## Exercise
Without including any picture, return the complete set of records exactly.

Segment Open

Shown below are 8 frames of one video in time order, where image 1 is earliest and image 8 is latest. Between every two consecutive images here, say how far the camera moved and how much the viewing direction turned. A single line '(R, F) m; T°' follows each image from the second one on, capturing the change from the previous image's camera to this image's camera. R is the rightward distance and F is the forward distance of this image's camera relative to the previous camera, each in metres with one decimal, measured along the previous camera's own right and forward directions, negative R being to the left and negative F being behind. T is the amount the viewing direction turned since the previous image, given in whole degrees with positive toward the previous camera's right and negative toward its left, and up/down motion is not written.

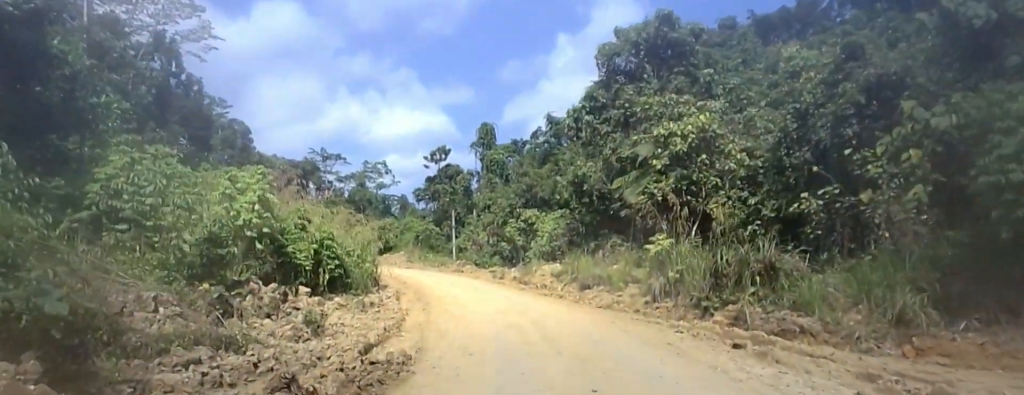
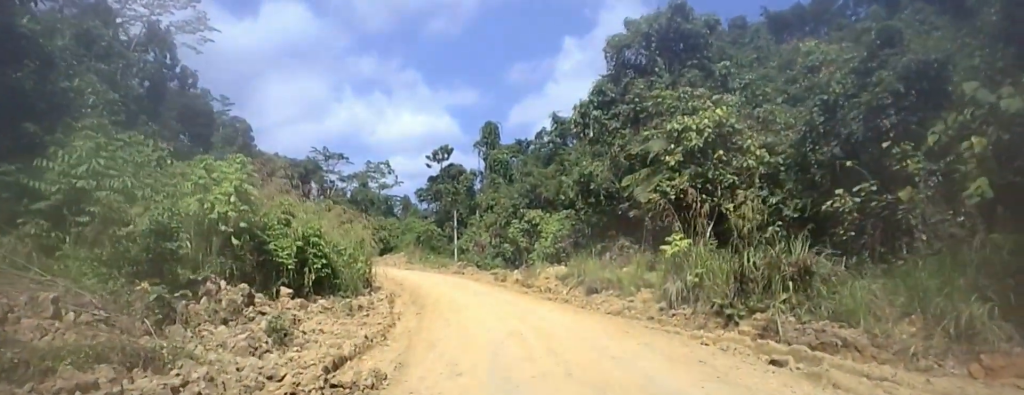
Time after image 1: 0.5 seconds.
(-0.1, +2.0) m; -1°
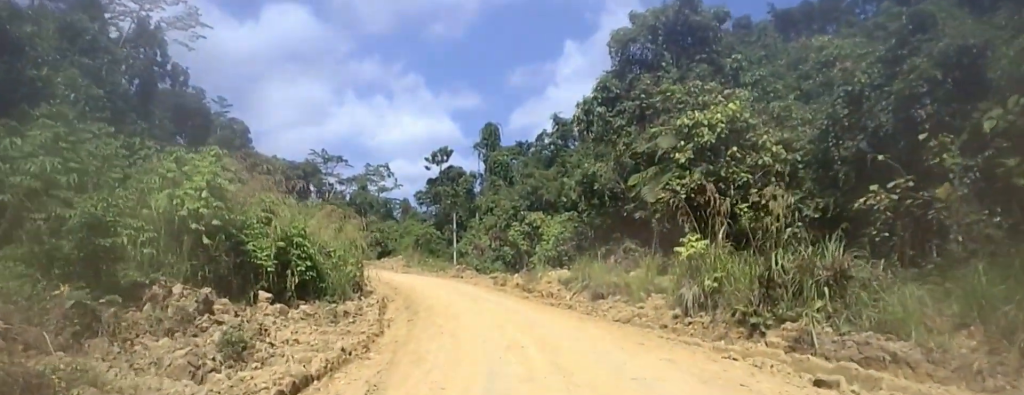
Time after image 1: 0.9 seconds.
(0.0, +1.7) m; -1°
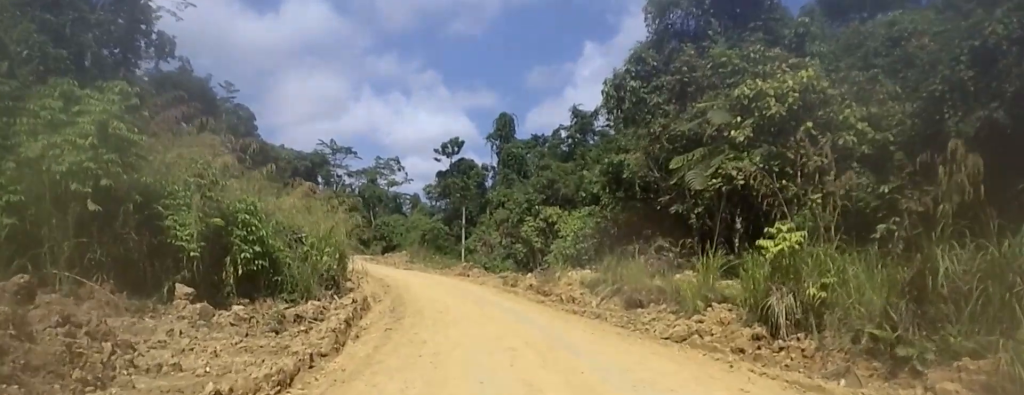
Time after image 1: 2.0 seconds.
(0.0, +4.9) m; -1°
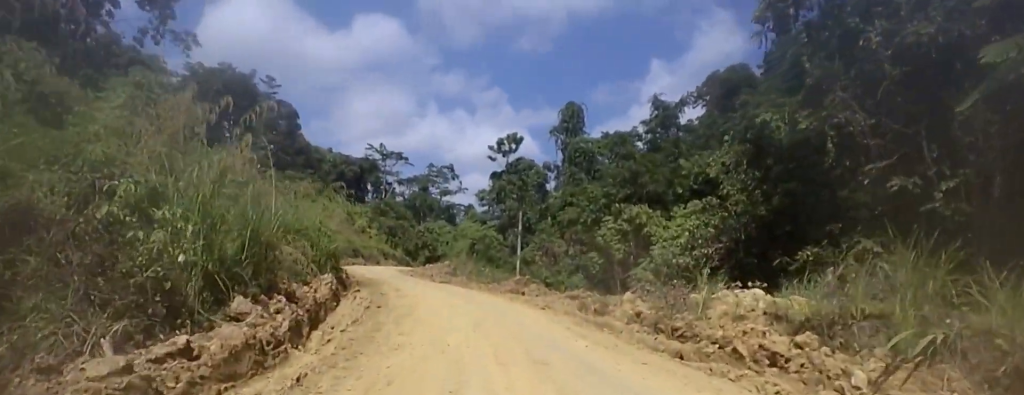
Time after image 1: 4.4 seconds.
(-1.6, +11.9) m; -14°
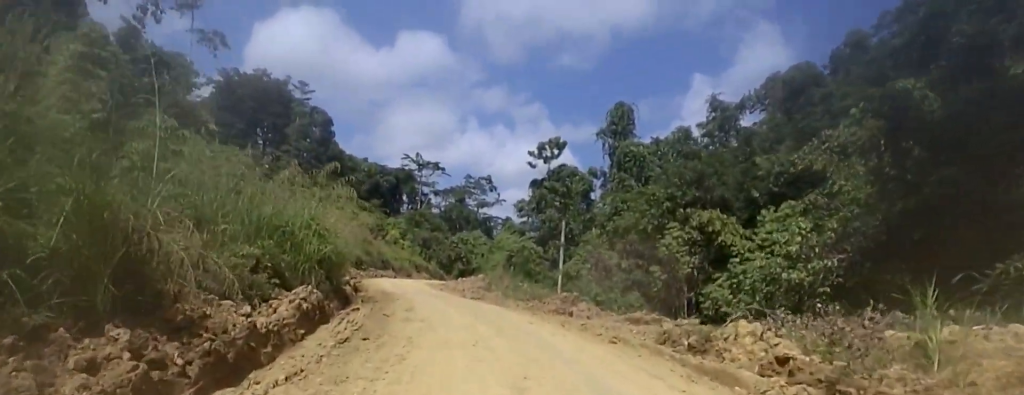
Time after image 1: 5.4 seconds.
(-0.1, +5.6) m; -3°
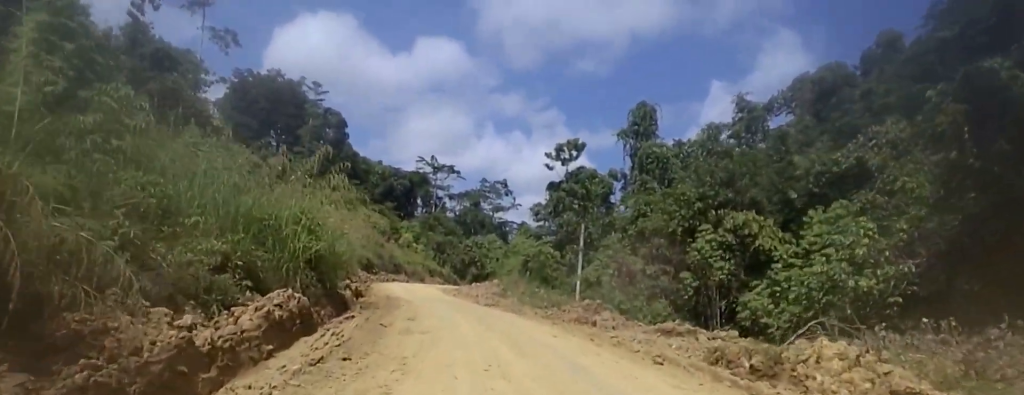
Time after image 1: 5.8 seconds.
(0.0, +2.3) m; -2°
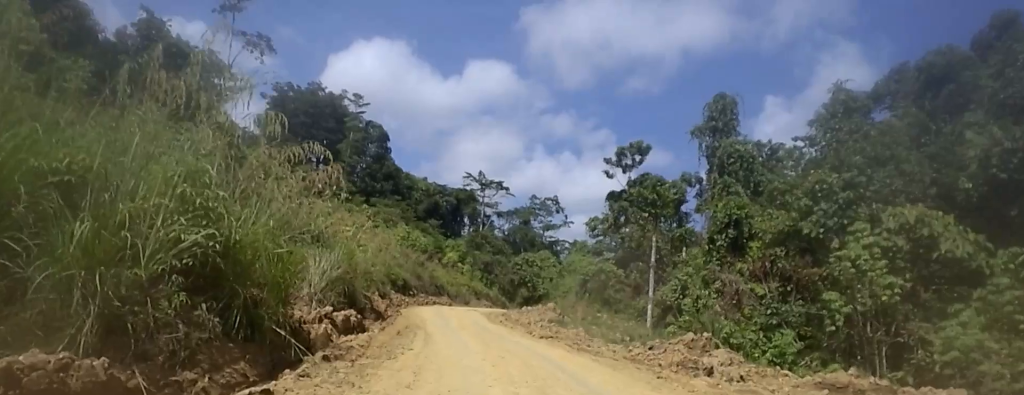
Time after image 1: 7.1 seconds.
(-0.6, +8.7) m; -5°

Segment Closed

## Reply to the exercise
Shown below are 8 frames of one video in time order, where image 1 is earliest and image 8 is latest. Between every two consecutive images here, say how far the camera moved and how much the viewing direction turned. A single line '(R, F) m; T°' follows each image from the second one on, capturing the change from the previous image's camera to this image's camera. R is the rightward distance and F is the forward distance of this image's camera relative to the previous camera, each in metres with one decimal, measured along the previous camera's own right and forward directions, negative R being to the left and negative F being behind. T is the amount the viewing direction turned since the previous image, given in whole degrees with positive toward the previous camera's right and negative toward its left, and up/down motion is not written.

Time after image 1: 0.5 seconds.
(-0.1, +2.0) m; -1°
Time after image 1: 0.9 seconds.
(0.0, +1.7) m; -1°
Time after image 1: 2.0 seconds.
(0.0, +4.9) m; -1°
Time after image 1: 4.4 seconds.
(-1.6, +11.9) m; -14°
Time after image 1: 5.4 seconds.
(-0.1, +5.6) m; -3°
Time after image 1: 5.8 seconds.
(0.0, +2.3) m; -2°
Time after image 1: 7.1 seconds.
(-0.6, +8.7) m; -5°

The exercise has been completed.